Спустились вниз. В гостевые комнаты вели две лестницы: одна располагалась в госпитале, другая снаружи, что позволяло важным гостям миновать помещения, где ходили простые люди. Годвин быстро поднялся по наружной лестнице. Перед комнатой замедлил шаг и тихо приказал Филемону:
— Иди следом. Ничего не предпринимай. Молчи. Уйдешь вместе со мной.
Служка поставил ведро на пол.
— Нет, — замотал головой монах. — Возьми.
— Хорошо.
Толкнув дверь, ризничий вошел и громко заговорил:
— Нужно как следует убрать эту комнату. Вылизать все углы… О, простите! Я думал, здесь никого нет.
Время, которое потребовалось Годвину и Филемону, чтобы перейти из дормитория в госпиталь, любовники потратили недаром. Ричард уже лежал поверх Марджери, ее стройные ноги торчали вверх. Понять эту мизансцену превратно было сложно. Епископ замер и посмотрел на Годвина возмущенно, испуганно и виновато одновременно. Марджери вскрикнула и тоже уставилась на вошедшего. Тот выдержал паузу.
— Епископ Ричард! — наконец воскликнул ризничий, изображая изумление. У того не должно остаться никаких сомнений в том, что он узнан. — Но что вы… и Марджери? — Монах будто только теперь все понял. — Простите! — Он развернулся и крикнул Филемону: — Пошел! Прочь!
Служка шустро выбежал из комнаты, гремя ведром. Годвин вышел следом, но в дверях еще раз обернулся. Ричард должен его запомнить. Любовники так и не пошевелились, но Марджери прикрыла рот рукой — аллегория застигнутого преступника, — а выражение лица епископа свидетельствовало о том, что он судорожно соображает. Хотел что-то сказать, но никак не мог придумать что. Наконец Годвин решил оставить их в этом ужасном положении. Сделано все, что нужно.
Однако, выйдя и не успев даже закрыть дверь, он застыл от страха. По лестнице поднималась Филиппа. Монах тут же понял, что, если о тайне узнает кто-нибудь еще, секрет резко упадет в цене. Нужно предупредить Ричарда.
— Леди Филиппа! — громко поздоровался он. — Добро пожаловать в Кингсбриджское аббатство!
Из комнаты послышалось шуршание. Краем глаза ризничий отметил, что Ричард вскочил. По счастью. Филиппа не сразу прошла к себе, а заговорила с Годвином.
— Вы не могли бы мне помочь? — Оттуда, где стояла леди, не было видно, что происходит в комнате. — Я потеряла браслет. Не очень дорогой, просто резьба по дереву, но я его очень люблю.
— Как неприятно, — сочувственно ответил Годвин. — Я велю братьям и сестрам поискать.
— Я не видел, — встрял Филемон.
— Может, он соскользнул у вас с руки? — спросил монах.
Супруга лорда Кастера нахмурилась.
— Странно, я не надевала его, как приехала. Поднявшись в комнату, первым делом сняла браслет и положила на стол, а теперь не могу найти.

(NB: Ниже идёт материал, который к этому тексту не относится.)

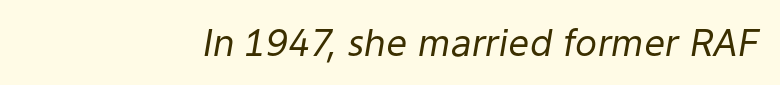
The image shows 37 px regular-weight type, italic (leaning right); set normal letter spacing, not underlined; low stroke contrast and a medium x-height.
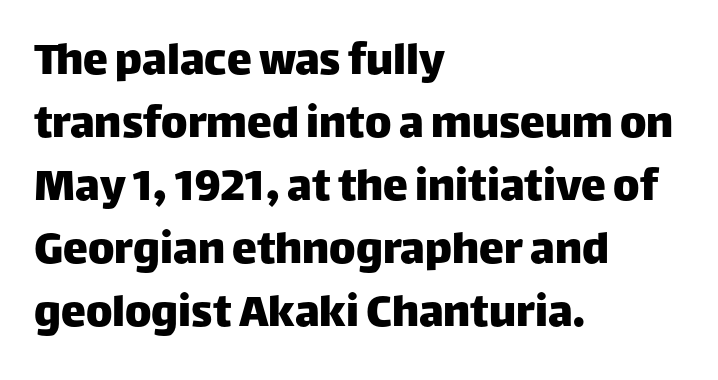
The setting favours the left margin, as ordinary paragraphs usually do. The rendering uses natural spacing where letterforms have individual widths. The line texture is even and compact thanks to regular tracking. Ordinary non-slanted type is in use.
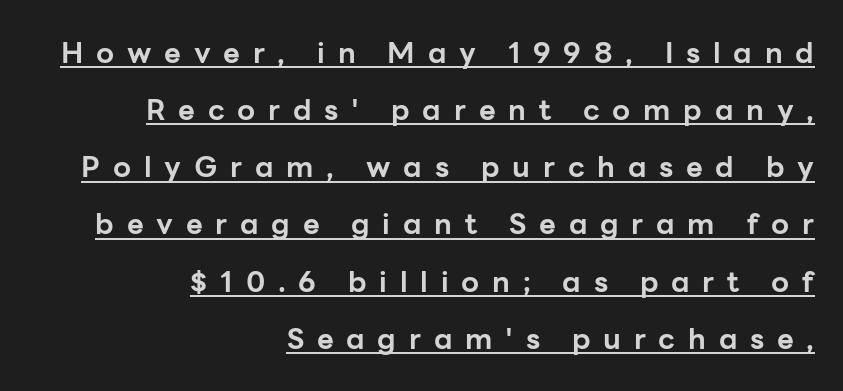
{"serif": "no", "italic": "no", "bold": "yes", "weight": "bold", "width": "normal", "stroke_contrast": "low", "x_height": "medium", "monospaced": "no", "underline": "yes", "align": "right", "line_spacing": "loose", "line_spacing_ratio": 1.97, "letter_spacing": "wide", "letter_spacing_em": 0.44, "glyph_px": 29}
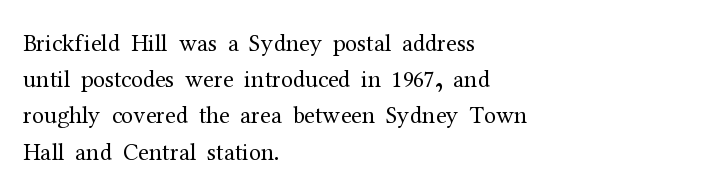
{"italic": "no", "bold": "no", "underline": "no", "align": "left", "line_spacing": "normal", "line_spacing_ratio": 1.51, "letter_spacing": "normal", "letter_spacing_em": 0.0, "glyph_px": 24}
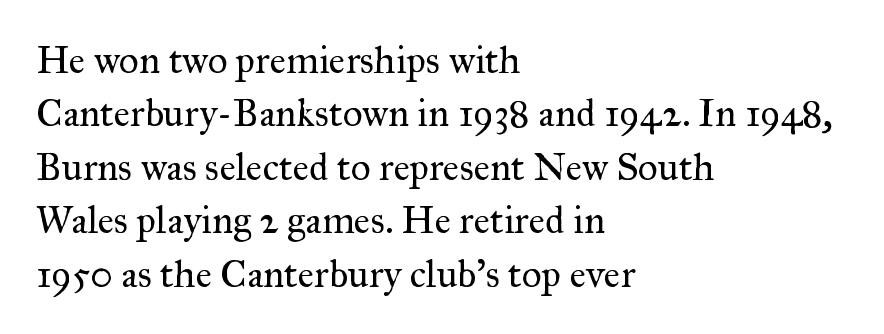
The image shows 39 px regular-weight serif type, upright; set left-aligned, normal line spacing (1.37x), normal letter spacing, not underlined; medium stroke contrast and a small x-height.
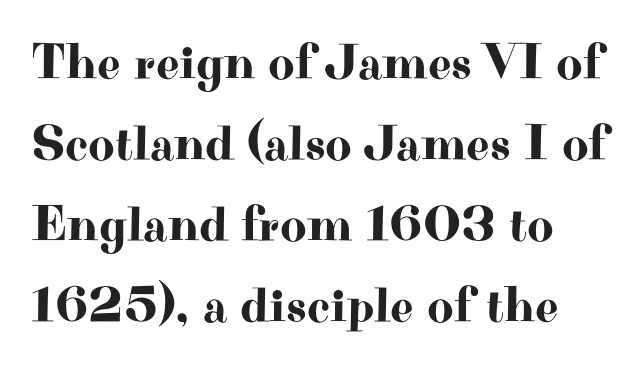
Q: Is the text italic (slanted)? A: No, it is upright.
Q: Is the typeface a serif or a sans-serif typeface? A: Serif.
Q: Is the text underlined? A: No.
Q: Is the spacing between letters normal or unusually wide? A: Normal.
Q: Is the spacing between lines tight, normal or loose? A: Normal.
Q: Width (condensed, normal, or wide)? A: Wide.
Q: Stroke contrast? A: High.
Q: x-height? A: Small.
Q: Monospaced? A: No.
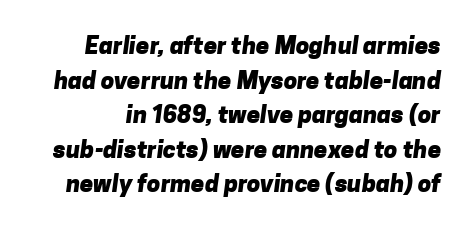
These lines keep a tight, regular rhythm from letter to letter. The letters are bold, with thick, heavy strokes. If you measured baseline to baseline, you'd find a middling distance. The gap between lines stays unmarked.
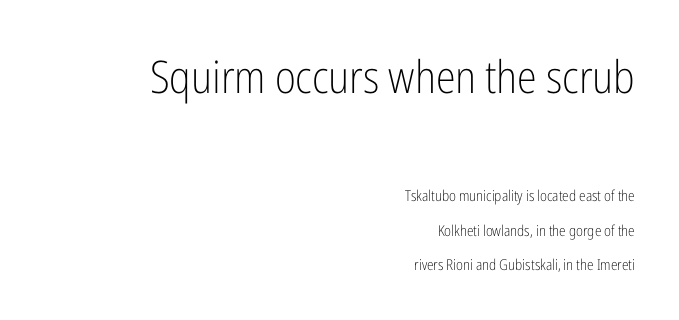
The image shows 45 px light, condensed sans-serif type, upright; set right-aligned, loose line spacing (2.31x), normal letter spacing, not underlined; the first (top) block is 3.0x larger; low stroke contrast and a medium x-height.
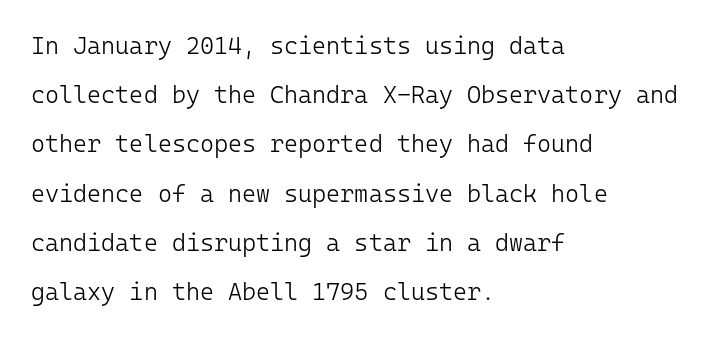
The image shows 24 px text type, upright; set left-aligned, loose line spacing (2.05x), normal letter spacing, not underlined.
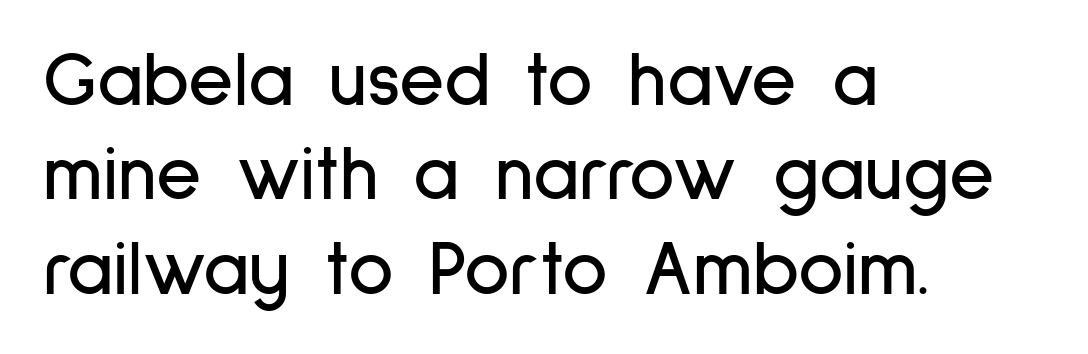
{"serif": "no", "italic": "no", "width": "condensed", "stroke_contrast": "low", "x_height": "medium", "monospaced": "no", "underline": "no", "align": "left", "line_spacing_ratio": 1.21, "letter_spacing": "normal", "letter_spacing_em": 0.0, "glyph_px": 78}
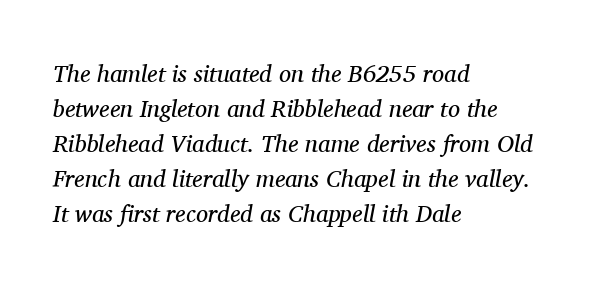
{"italic": "yes", "lean": "right", "slant_degrees": 11, "bold": "no", "underline": "no", "align": "left", "line_spacing": "normal", "line_spacing_ratio": 1.46, "letter_spacing": "normal", "letter_spacing_em": 0.0, "glyph_px": 24}
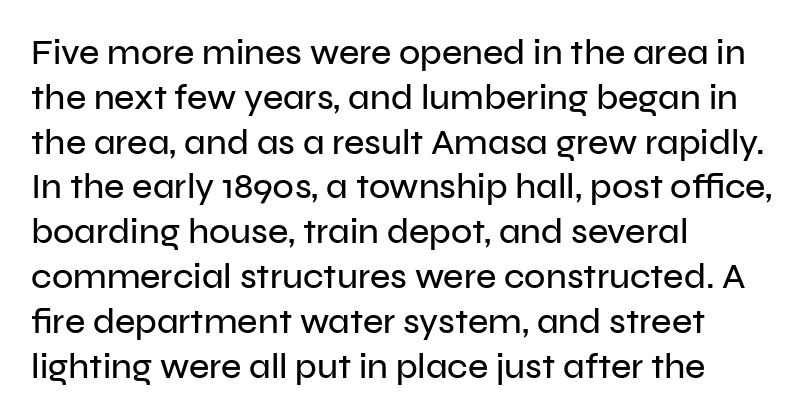
The image shows 35 px sans-serif type, upright; set left-aligned, normal line spacing (1.28x), normal letter spacing, not underlined; low stroke contrast and a medium x-height.
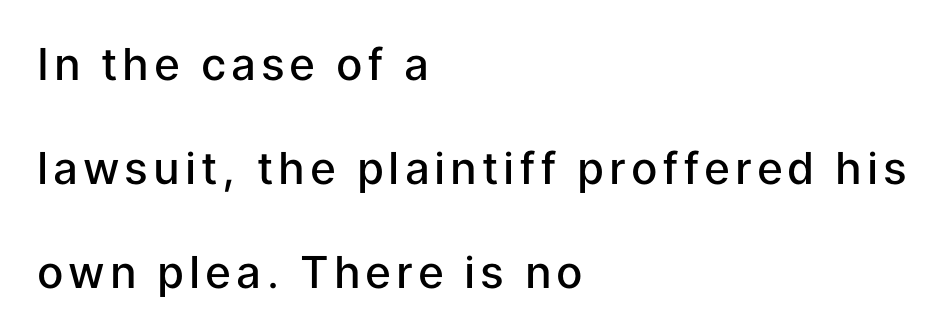
{"serif": "no", "italic": "no", "bold": "semi", "weight": "semibold", "width": "normal", "stroke_contrast": "low", "x_height": "medium", "monospaced": "no", "underline": "no", "align": "left", "line_spacing": "loose", "line_spacing_ratio": 2.36, "glyph_px": 44}
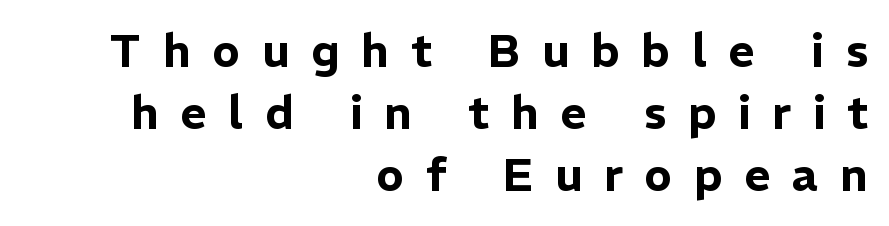
The image shows 46 px sans-serif type, upright; set right-aligned, normal line spacing (1.35x), unusually wide letter spacing (+0.47 em), not underlined; low stroke contrast and a medium x-height.
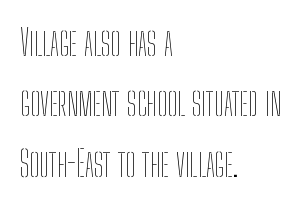
Posture: upright roman. Vertically, the passage feels balanced, rows spaced as you'd expect. Each word holds together tightly as a unit, with standard inter-letter gaps. Compared with a centered layout, this one pins lines to the left instead. Rule under the text: the space is simply empty. Weight: regular or lighter.
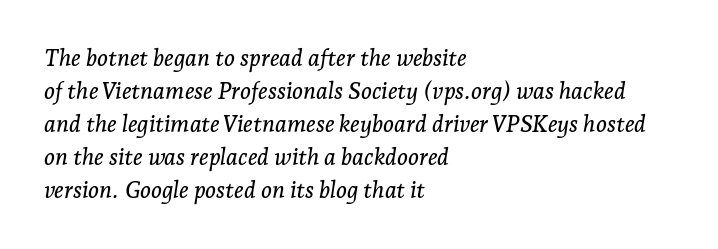
Q: Is the text italic (slanted)? A: Yes, it leans right by about 7 degrees.
Q: Is the text underlined? A: No.
Q: How is the paragraph aligned? A: Left-aligned.
Q: Is the spacing between letters normal or unusually wide? A: Normal.
Q: Is the spacing between lines tight, normal or loose? A: Normal.
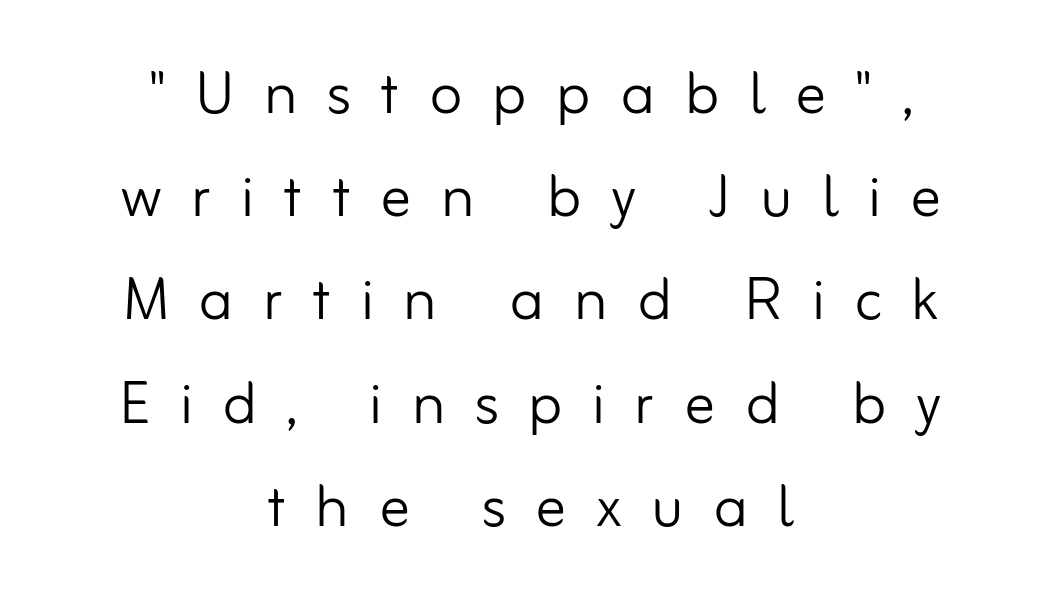
{"serif": "no", "italic": "no", "bold": "no", "weight": "light", "width": "normal", "stroke_contrast": "low", "x_height": "small", "monospaced": "no", "underline": "no", "align": "center", "line_spacing": "normal", "line_spacing_ratio": 1.34, "letter_spacing": "wide", "letter_spacing_em": 0.38, "glyph_px": 77}
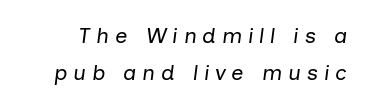
The image shows 22 px text type, italic (leaning right); set normal line spacing (1.7x), unusually wide letter spacing (+0.26 em), not underlined.
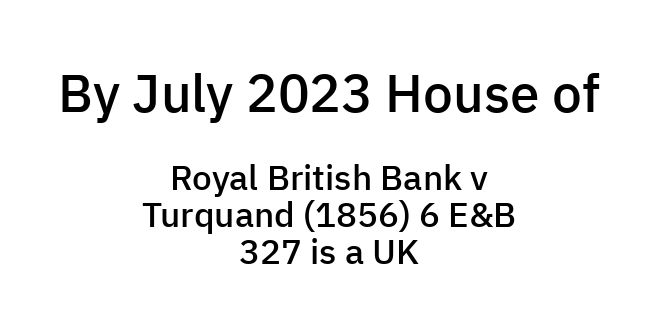
The image shows 53 px semibold sans-serif type, upright; set centered, tight line spacing (1.05x), normal letter spacing, not underlined; the first (top) block is 1.51x larger; low stroke contrast and a medium x-height.
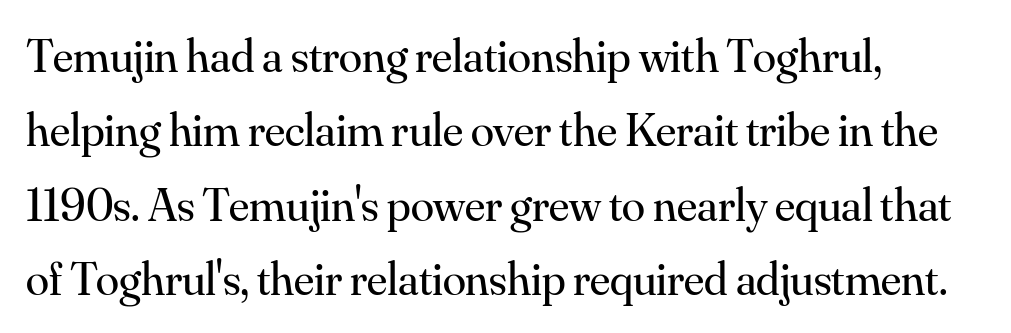
This is serif lettering, the kind often seen in printed books. This sample has the flowing, uneven cadence of proportional lettering. The string is rendered with underlining switched off. These lines keep a tight, regular rhythm from letter to letter.
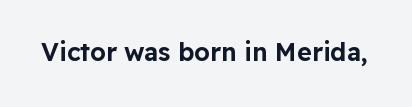
Q: Is the text italic (slanted)? A: No, it is upright.
Q: Is the text underlined? A: No.
Q: Is the spacing between letters normal or unusually wide? A: Normal.
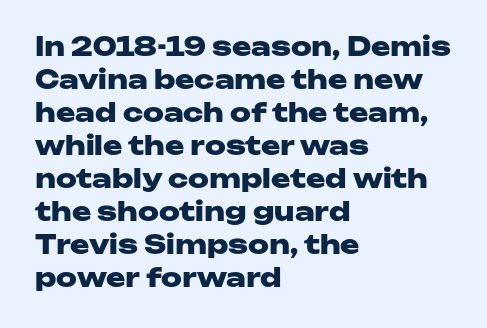
The image shows 26 px bold type, upright; set left-aligned, normal line spacing (1.27x), normal letter spacing, not underlined.
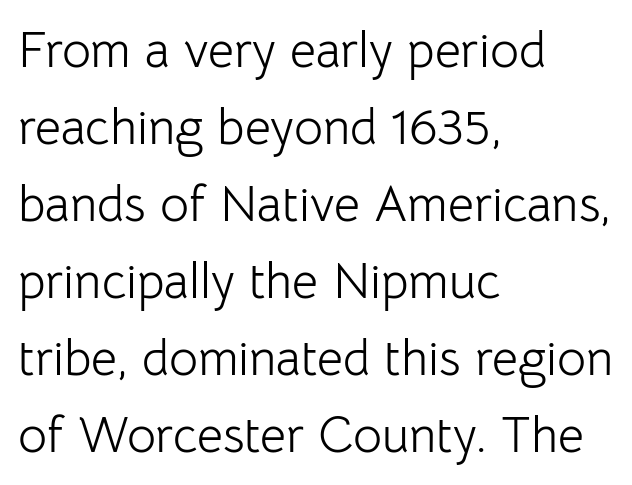
The image shows 50 px light sans-serif type, upright; set left-aligned, normal line spacing (1.54x), normal letter spacing, not underlined; low stroke contrast and a medium x-height.

— Может, закатился куда-нибудь в угол. Филемон поищет. Он убирает гостевые комнаты.
Филиппа посмотрела на служку:
— Да, я видела тебя, когда уходила, примерно час назад. Он тебе не попадался, когда ты подметал?
— Я еще не подметал. Как раз пришла мисс Марджери, и мне пришлось прерваться.
— Филемон вернулся, чтобы убрать вашу комнату, но мисс Марджери… — аббат заглянул в комнату, — молится.
Девушка с закрытыми глазами преклонила колени на скамеечке — вероятно, просит прощения за свой грех, с надеждой подумал Годвин. Ричард стоял позади, сложив руки и что-то бормоча. Ризничий отступил в сторону, давая Филиппе пройти. Та подозрительно взглянула на деверя.
— Здравствуй, Ричард. Ты обычно не молишься по будням.
Он приложил палец к губам, указывая на Марджери. Леди не смутилась:
— Марджери может молиться, сколько ей угодно, но это женская комната, поэтому, пожалуйста, выйди.
Епископ, ничем не выдав облегчения, вышел, закрыл дверь, развернулся и уткнулся в Годвина. Может, он и хотел возмутиться, что тот осмелился войти в комнату, не постучав, но чувство вины, видимо, мешало ему с криком наброситься на монаха. С другой стороны, епископ не мог попросить сохранить тайну, ведь тем самым он оказался бы в полной власти ризничего. Повисло гнетущее молчание. Не дав Ричарду оправиться, Годвин сказал:
— Никто ничего не узнает.
Епископ облегченно вздохнул и перевел взгляд на служку:
— А он?
— Филемон хочет стать монахом. Он постигает добродетель послушания.
— Я у вас в долгу.
— Каждый должен исповедовать свои грехи, не чужие.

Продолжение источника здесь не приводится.